Приближаясь к берегу, рыба стала наталкиваться на куски плавучего льда. Почти в это же самое время переносимые водой запахи резко усилились. Ароматы гумусовых и смолистых веществ из болот и лесов распространялись в море тысячами струек. Если бы их можно было видеть, они, вероятно, походили бы на потоки пыльцы, плывущей в воздухе над тысячами квадратных километров вечнозеленых возвышенностей. Но если бы была возможность изобразить отдельные запахи и их комбинации при помощи цвета, получилась бы картина с невероятным разнообразием красок и оттенков. Мозг рыбы, заключенный в ее обтекаемой формы голове, различал эти стимулы с большей точностью, чем человеческий глаз способен различить оттенки цвета.
Под небольшим плавучим ледяным полем произошла внезапная перемена. Свет как будто потускнел, а органы обоняния рыбы стали воспринимать нечто совершенно непривычное. В присутствии новых, густо пропитавших всю воду запахов лосось изо всех сил старался не потерять самообладания. Из-за попавшей под лед тонкой коричневой пленки старого нефтяного пятна сбитая с толку рыба не знала, куда плыть; беспорядочно кидаясь то вперед, то назад, она пыталась восстановить отказавшее ей чувство направления.
Еще не полностью одурманенная, она вышла из-подо льда и поплыла, словно через завесу, в чистое море. Ее мозг медленно очищался от химического дурмана.
Вдоль побережья лосось встречал все больше и больше своих родичей, испытывавших те же чувства, что и он сам. Возбужденные, растерянные, они плыли к бухтам и фиордам, приходя в себя в освежающей воде сильных течений.
Вместе с отливом наступило узнавание. Поздним тихим вечером лосось последовал за многими другими в постепенно мелеющий залив с темной зеркальной поверхностью. Отсутствие обычного волнения и отлив спасли много рыб в заднем эшелоне косяка. Предсмертная дрожь и приносимые отливным течением химические сигналы страха, испускаемые задыхающимися и перепуганными рыбами, заставили остатки косяка повернуть и двигаться вдоль огромной изгибающейся сети. Хотя уже наступили сумерки, еще можно было различить мертвых запутавшихся птиц и множество рыб, которые, напрягая последние силы, пытались вырваться из сети. Несколько судорожных движений жаберных крышек и смерть сковывает маленький мозг и тело очередной жертвы.
Этот рассказ о лососе в самом общем виде поднимает некоторые вопросы, связанные с нынешними и будущими взаимоотношениями человека с наиболее пока благополучным районом Североамериканского континентального шельфа. Перелов рыбы и загрязнение нефтью будут, по-видимому, представлять собой главную опасность для северных вод. Начать эту главу с лосося нас побудило то обстоятельство, что этой рыбе из всех обитателей северных экосистем с морской и пресной водой угрожает, пожалуй, наибольшая опасность.
Жизненный цикл лосося в пресной воде широко известен — стремительное путешествие в прозрачные холодные реки — нерестилища, лежащие вдали от моря, иногда в сотнях километров от него. После нереста тихоокеанский лосось рода Onchorynchus всегда погибает, а атлантический (Salmo salar) может вернуться в море и продолжать жить, отправляясь на нерест в продолжение нескольких лет подряд. Икра развивается медленно, и, вылупившись, молодь рыбы остается в пресной воде в среднем от года до двух. Для большинства лососей морская фаза жизни начинается, когда рыба достигает 15–20 сантиметров в длину. Этот период жизни лосося известен хуже; миграции некоторых видов все еще не полностью исследованы биологами.

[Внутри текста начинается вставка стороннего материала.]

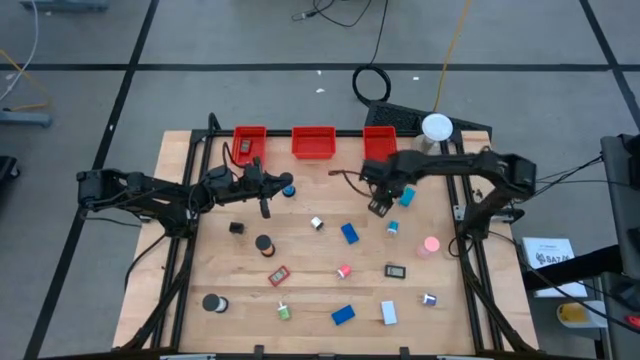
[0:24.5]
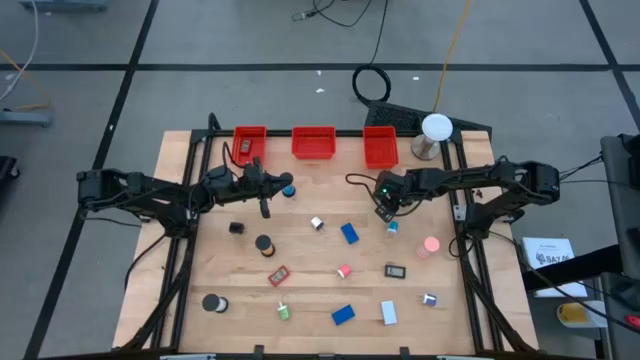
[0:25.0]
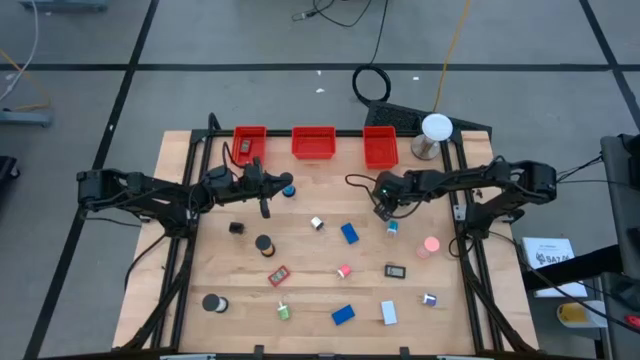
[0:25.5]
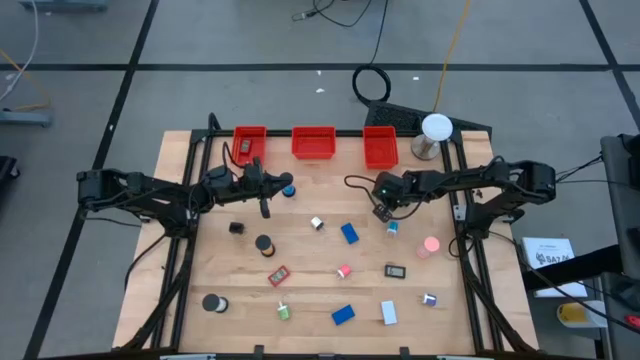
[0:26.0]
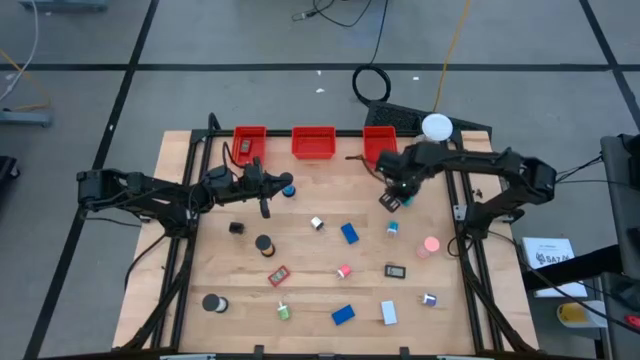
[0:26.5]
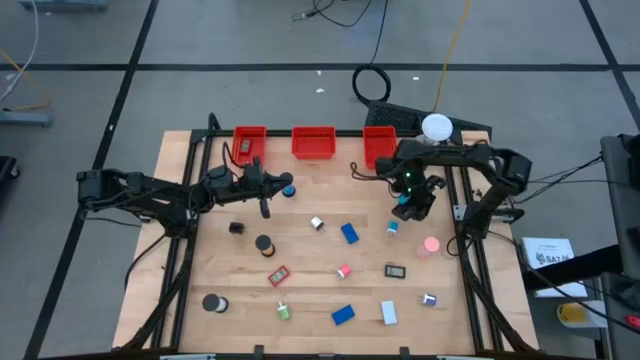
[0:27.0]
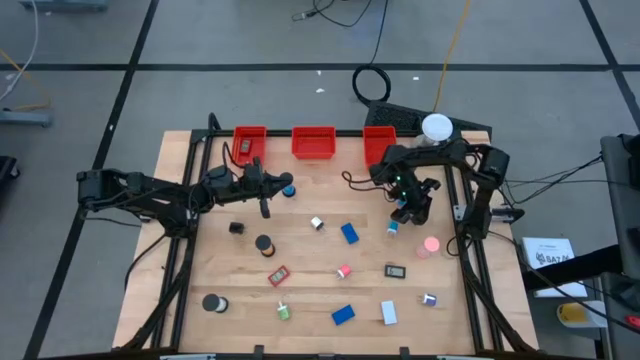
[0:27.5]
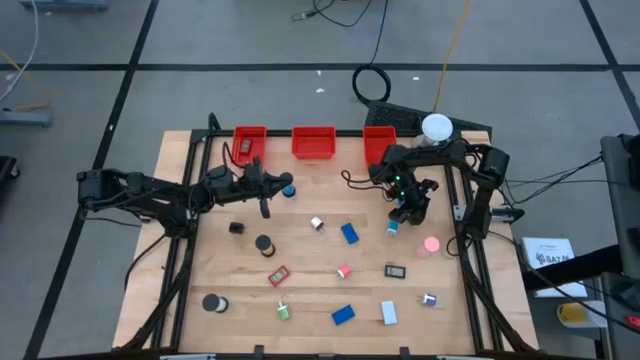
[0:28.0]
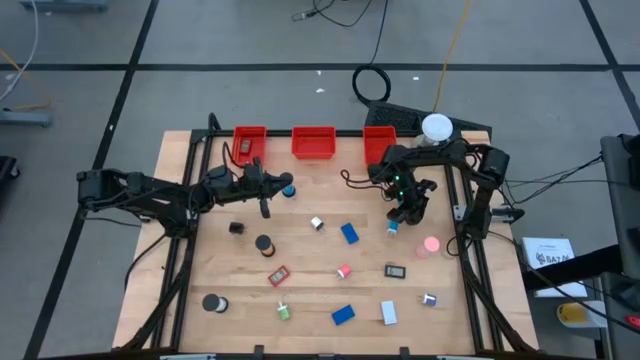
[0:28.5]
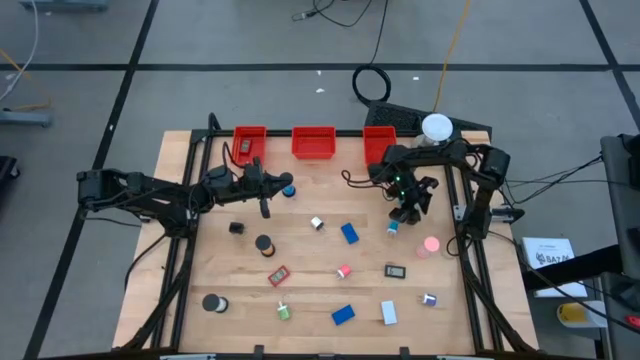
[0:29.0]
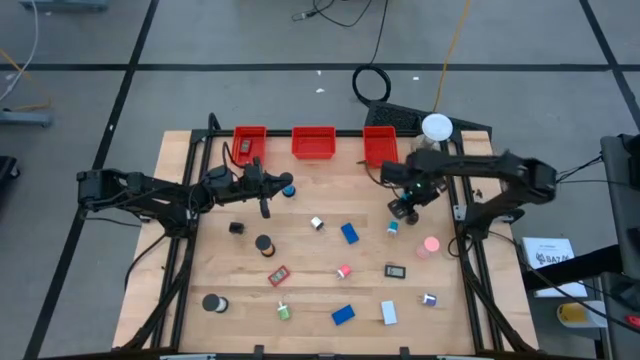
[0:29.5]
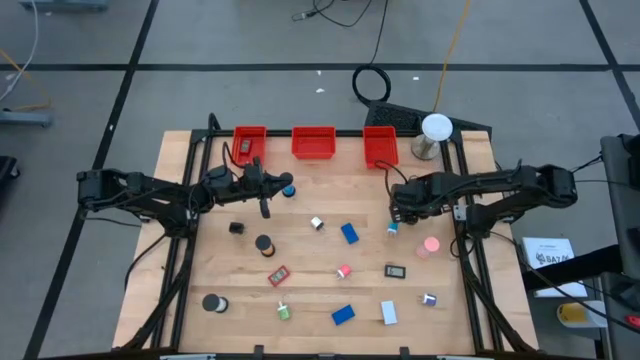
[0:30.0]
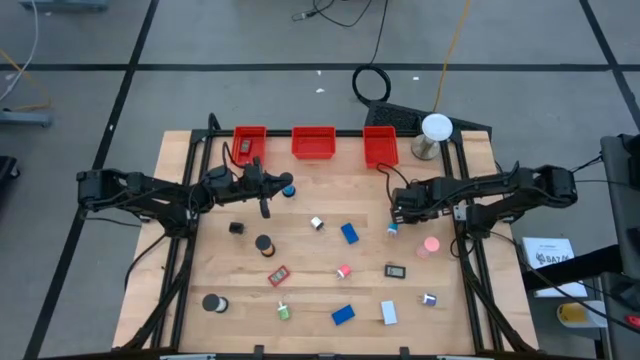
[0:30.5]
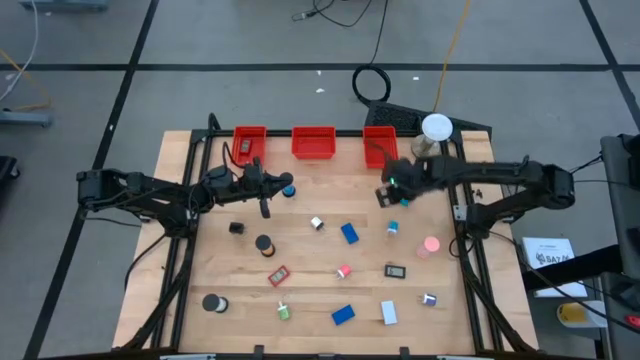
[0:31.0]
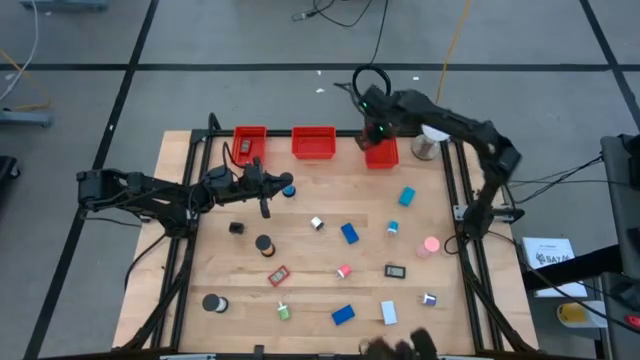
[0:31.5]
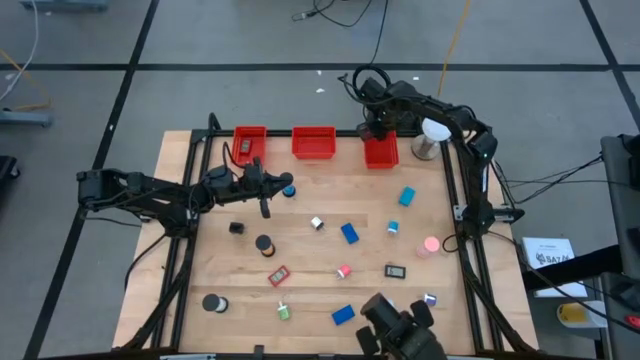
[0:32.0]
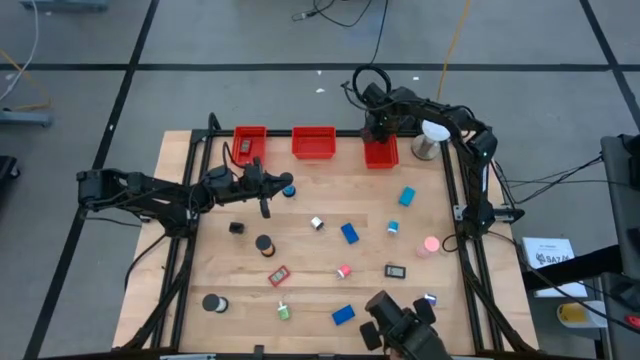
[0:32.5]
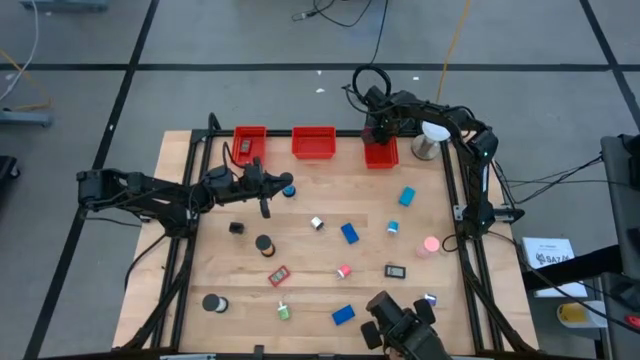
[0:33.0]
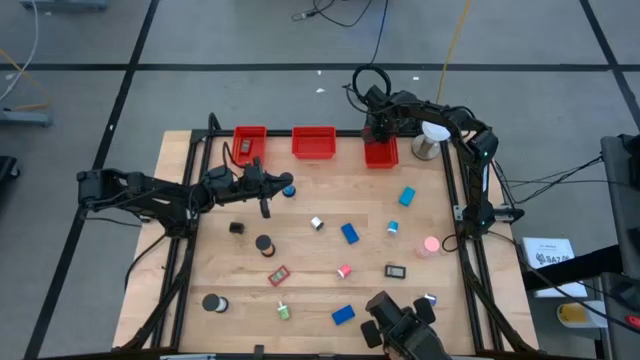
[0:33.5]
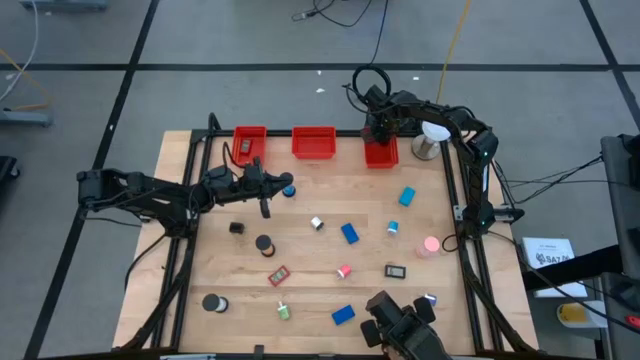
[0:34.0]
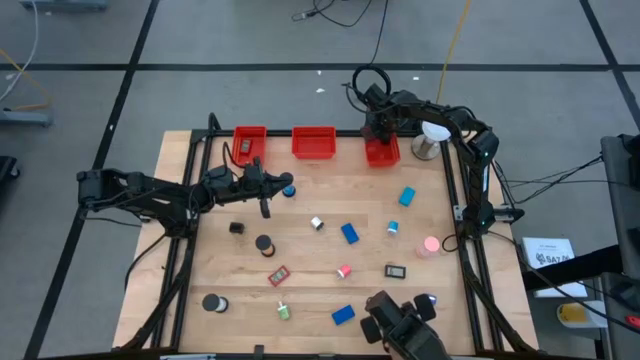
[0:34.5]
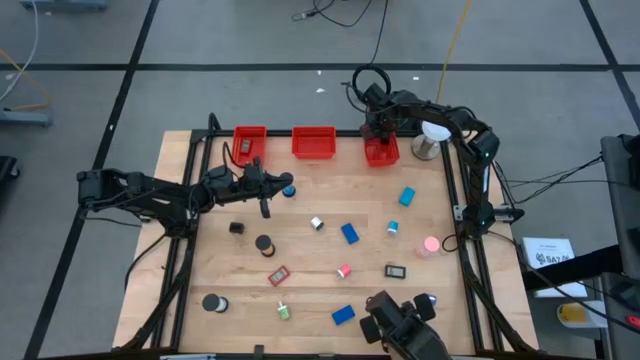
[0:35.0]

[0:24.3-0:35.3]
Task: Pick & Place Office items
Put the right black charger adapter into the right orange basket

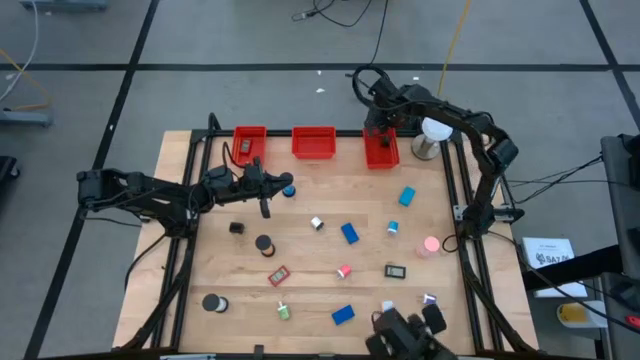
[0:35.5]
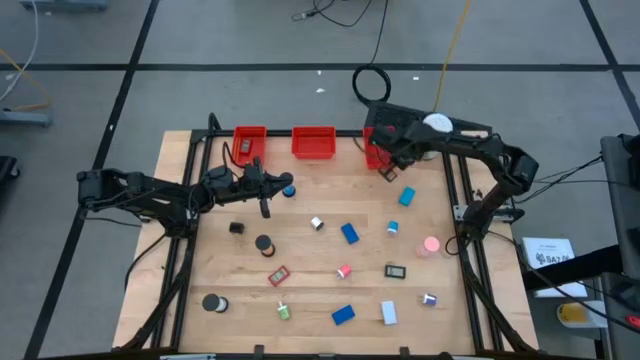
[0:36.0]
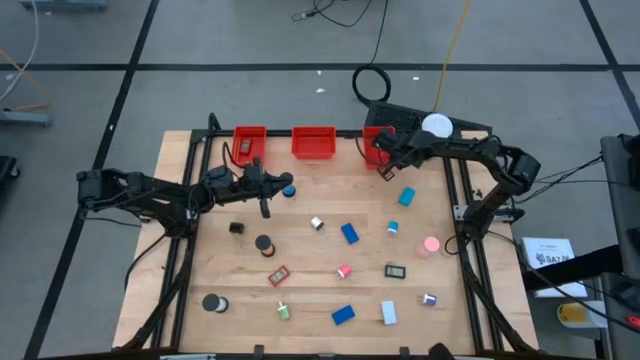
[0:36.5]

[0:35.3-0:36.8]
Adjust the right orange basket

Спускающиеся из реки в море молодые лососи, или, как их называют, смолты, запоминают запах воды эстуария. Память о нем, сохраняемая в тайниках обманчиво поверхностного рыбьего "интеллекта", остается свежей в течение одного, двух и даже трех лет, пока рыба скитается в поисках богатых пастбищ, расположенных в 5000 километров от родных рек. Когда лососи достигают зрелости, мощный внутренний зов к воспроизводству себе подобных влечет их назад, и эти великолепные пловцы отправляются в обратный путь, избирая только им одним хорошо известные дороги. На каком расстоянии их совершенные миниатюризованные обонятельные компьютеры могут почуять родную воду, распознав ее аромат среди тысяч других запахов, никому не известно, но рыба всегда безошибочно находит то место, куда стремилась, причем всегда в одно и то же время года.